=== Required action ===
Begin at the line below that contains "ཐར་པ་དངོས་པོར་མེ་འཐད། དངོས་ཀྱི་དོན་ཏོ། །དང་པོ་ནི།" and write out every line from there to the end of the entries, exactly.

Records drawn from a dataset
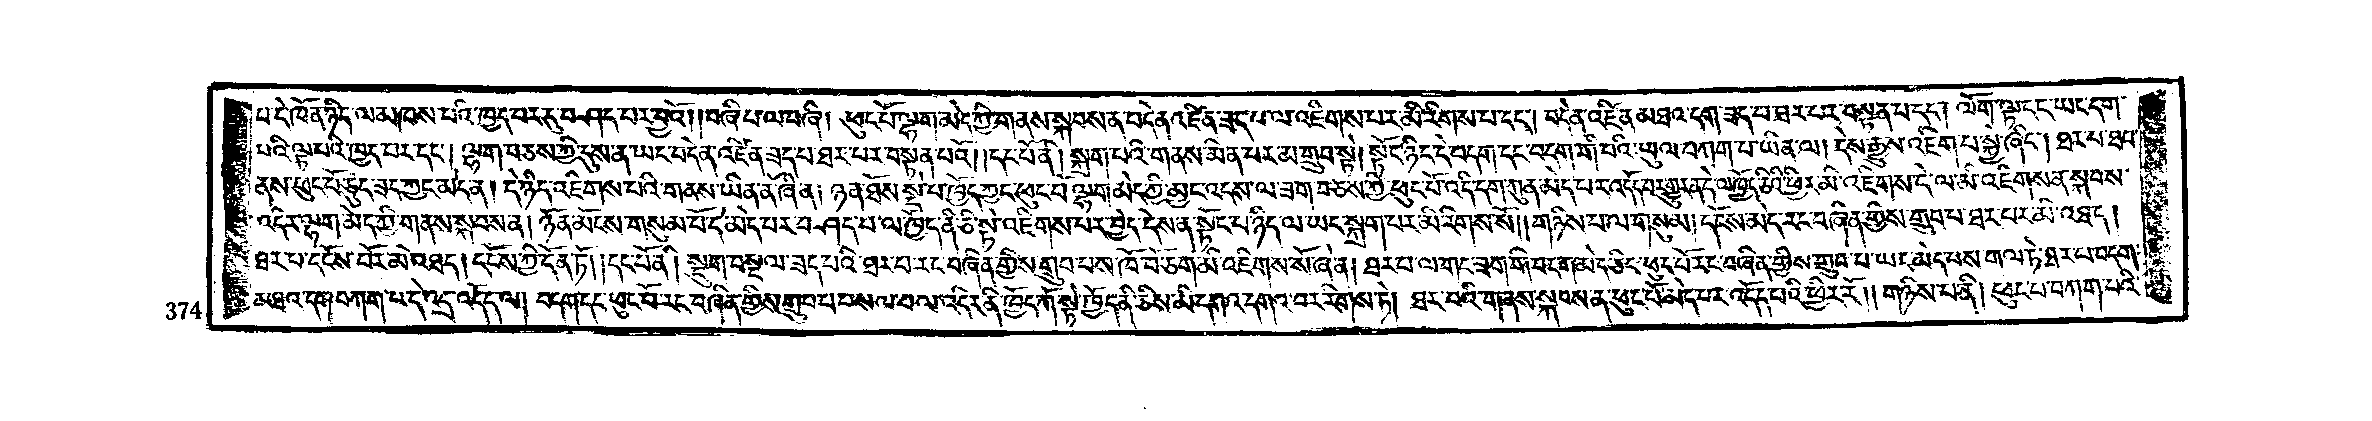པ་དེ་ཁོ་ན་ཉིད་ལ་མཁས་པའི་ཁྱད་པར་དུ་བཤད་པར་བྱའོ། །བཞི་པ་ལ་བཞི། ཕུང་པོ་ལྷག་མེད་ཀྱི་གནས་སྐབས་ན་བདེན་འཛིན་ཟད་པ་ལ་འཇིགས་པར་མི་རིགས་པ་དང་། བདེན་འཛིན་མཐའ་དག་ཟད་པ་ཐར་པར་བསྟན་པ་དང་། ལོག་ལྟ་དང་ཡང་དག་
པའི་ལྟ་བའི་ཁྱད་པར་དང་། ལྷག་བཅས་ཀྱི་དུས་ན་ཡང་བདེན་འཛིན་ཟད་པ་ཐར་པར་བསྟན་པའོ། །དང་པོ་ནི། སྐྲག་པའི་གནས་མིན་པར་མ་གྲུབ་སྟེ། སྟོང་ཉིད་དེ་བདག་དང་བདག་གི་བྱའི?་ཡུལ་བཀག་པ་ཡིན་ལ། དེས་རྒྱུས་འཇིག་པ་སྐྱེ་ཞིང་། ཐར་པ་ཐབ་
ནས་ཕུང་པོ་ཅུང་ཟད་ཀྱང་མེད་ན། དེ་ཉིད་འཇིགས་པའི་གནས་ཡིན་ནོ་ཞེ་ན། ཉན་ཐོས་སྡེ་པ་ཁྱོད་ཀྱང་ཕུང་པོ་ལྷག་མེད་ཀྱི་མྱང་འདས་ལ་ཟག་བཅས་ཀྱི་ཕུང་པོ་འདི་དག་ཀུན་མེད་པར་འདོད་པར་གྱུར་ན་དེ་ལ་ཁྱོད་ཅིའི་ཕྱིར་མི་འཇིགས་དེ་ལ་མི་འཇིགས་ན་སྐབས་
འདིར་ལྷག་མེད་ཀྱི་གནས་སྐབས་ན། ཉོན་མོངས་གསུམ་པོ་དེ་མེད་པར་བཤད་པ་ལ་ཁྱོད་ནི་ཅི་སྟེ་འཇིགས་པར་བྱེད་དེས་ན་སྟོང་པ་ཉིད་ལ་ཡང་སྐྲག་པར་མི་རིགས་སོ། །གཉིས་པ་ལ་གསུམ། དངོས་མེད་རང་བཞིན་གྱིས་གྲུབ་པ་ཐར་པར་མི་འཐད།
ཐར་པ་དངོས་པོར་མེ་འཐད། དངོས་ཀྱི་དོན་ཏོ། །དང་པོ་ནི། སྡུག་བསྔལ་ཟད་པའི་ཐར་པ་རང་བཞིན་གྱིས་གྲུབ་པས་ཁོ་བོ་ཅག་མི་འཇིགས་སོ་ཞེ་ན། ཐར་པ་ལ་གང་ཟག་གི་བདག་མེད་ཅིང་ཕུང་པོ་རང་བཞིན་གྱིས་གྲུབ་པ་ཡང་མེད་པས་གལ་ཏེ་ཐར་པ་བདག་
མཐའ་དག་བཀག་པ་དེ་འདྲ་འདོད་ལ། བདག་དང་ཕུང་པོ་རང་བཞིན་གྱིས་གྲུབ་པ་བསལ་བ་ལ་འདིར་ནི་ཁྱོད་ཀོ་སྟེ་ཁྱོད་ནི་ཅིས་མི་དགའ་དགའ་བར་རིགས་ཏེ། ཐར་པའི་གནས་སྐབས་ན་ཕུང་པོ་མེད་པར་འདོད་པའི་ཕྱིར་རོ། །གཉིས་པ་ནི། ཕུང་པོ་བཀག་པའི་

=== Response area ===
ཐར་པ་དངོས་པོར་མེ་འཐད། དངོས་ཀྱི་དོན་ཏོ། །དང་པོ་ནི། སྡུག་བསྔལ་ཟད་པའི་ཐར་པ་རང་བཞིན་གྱིས་གྲུབ་པས་ཁོ་བོ་ཅག་མི་འཇིགས་སོ་ཞེ་ན། ཐར་པ་ལ་གང་ཟག་གི་བདག་མེད་ཅིང་ཕུང་པོ་རང་བཞིན་གྱིས་གྲུབ་པ་ཡང་མེད་པས་གལ་ཏེ་ཐར་པ་བདག་
མཐའ་དག་བཀག་པ་དེ་འདྲ་འདོད་ལ། བདག་དང་ཕུང་པོ་རང་བཞིན་གྱིས་གྲུབ་པ་བསལ་བ་ལ་འདིར་ནི་ཁྱོད་ཀོ་སྟེ་ཁྱོད་ནི་ཅིས་མི་དགའ་དགའ་བར་རིགས་ཏེ། ཐར་པའི་གནས་སྐབས་ན་ཕུང་པོ་མེད་པར་འདོད་པའི་ཕྱིར་རོ། །གཉིས་པ་ནི། ཕུང་པོ་བཀག་པའི་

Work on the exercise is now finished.